Editor's Note: Washingtonpost.com moderators retain editorial control over Live Online discussions and choose the most relevant questions for guests and hosts; guests and hosts can decline to answer questions.


Jen Chaney: Hi, everyone. A lot of you want to talk "Star Wars" today, which is totally cool. But feel free to ask questions or make comments about DVDs in general. All questions -- Skywalker-related or not -- are welcome. Let's get started.


Silver Spring, Md.: I think George Lucas went too far by changing some of the scenes around. I liked the new extra scenes, but I hated when he changed the old ones. For example, in the final scene of "Return of the Jedi," he changed the actor who played the ghost of Anakin Skywalker. Preparing for "Star Wars III"? That is just wrong!!!

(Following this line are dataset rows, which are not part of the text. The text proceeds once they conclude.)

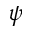
\psi
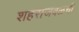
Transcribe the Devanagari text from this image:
शहराजवळची
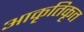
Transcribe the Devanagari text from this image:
आकृतिकृत
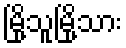
မြို့သူမြို့သား
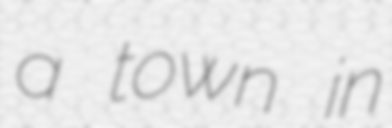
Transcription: a town in
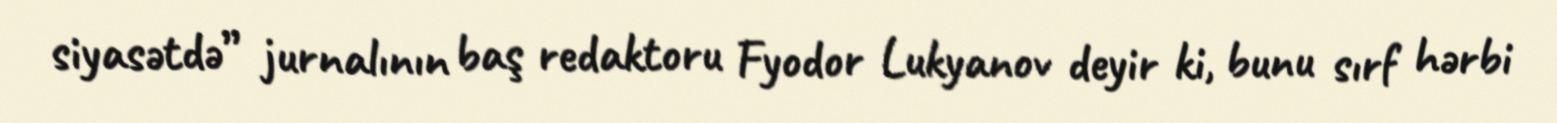
siyasətdə” jurnalının baş redaktoru Fyodor Lukyanov deyir ki, bunu sırf hərbi
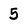
Character: 5
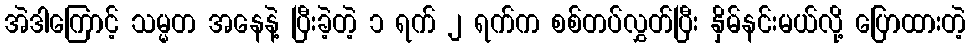
အဲဒါကြောင့် သမ္မတ အနေနဲ့ ပြီးခဲ့တဲ့ ၁ ရက် ၂ ရက်က စစ်တပ်လွှတ်ပြီး နှိမ်နင်းမယ်လို့ ပြောထားတဲ့
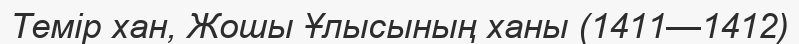
Темір хан, Жошы Ұлысының ханы (1411—1412)
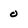
Character: 0
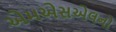
એમએસએલનો
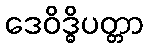
ဒေဝိဒ္ဓိပတ္တာ

Jen Chaney: You're not the only one who feels this way, Silver Spring. There are plenty of similar questions/comments where this one came from, so hold on to your lightsabers, everyone.


Fairfield, Conn.: I know I speak for at least 20 of my friends when I say that we grew up with the "Star Wars" trilogy our whole lives, and loved the movies. What Lucas has done to his works in this new release, like the tape release a few years ago, is despicable. There could be a missile ground. With DVD, technology users should be able to choose which version of the film they want to watch. The original, or the butchered versions Lucas has brought to us this time.

Maybe he should just rewrite the movies altogether and claim that it better reflects his true vision, depriving fans of the original.

In Fairfield, Lucas is about as hated as O.J. Simpson.

Jen Chaney: Wow. You're comparing Lucas to O.J. Simpson? That seems a little harsh. I mean, George Lucas wasn't even in "The Naked Gun."
I agree with you, though, albeit to a less extreme degree. It's completely George Lucas's right to release whatever version of the film he wants. But I wish he understood why the fans want to see the originals. It seems to me he's being very stubborn about not releasing both versions and, frankly, I don't see what the harm is in giving fans both options. Some purists may even decide that the revised versions are better once they compare then directly with the originals. The way things are now, there's no way to do that.


Rockville, Md: How would you feel if someone took your nose and put it where your mouth was supposed to be and then swapped your ears with your eyes?

That's what it's like watching this bastardized version of a once great classic.

Jen Chaney: If someone took my nose and put it where my mouth was supposed to be, then swapped my ears with my eyes, I think I'd fit in beautifully in the "Star Wars" Cantina scene.


Damascus, Md.: In addition to all of the tinkering that I have read about, I thought that the DVD version was FASTER -- The timing on the lines seemed to be off. Did Lucas do that also to this version or am I just remembering an idealized version of it?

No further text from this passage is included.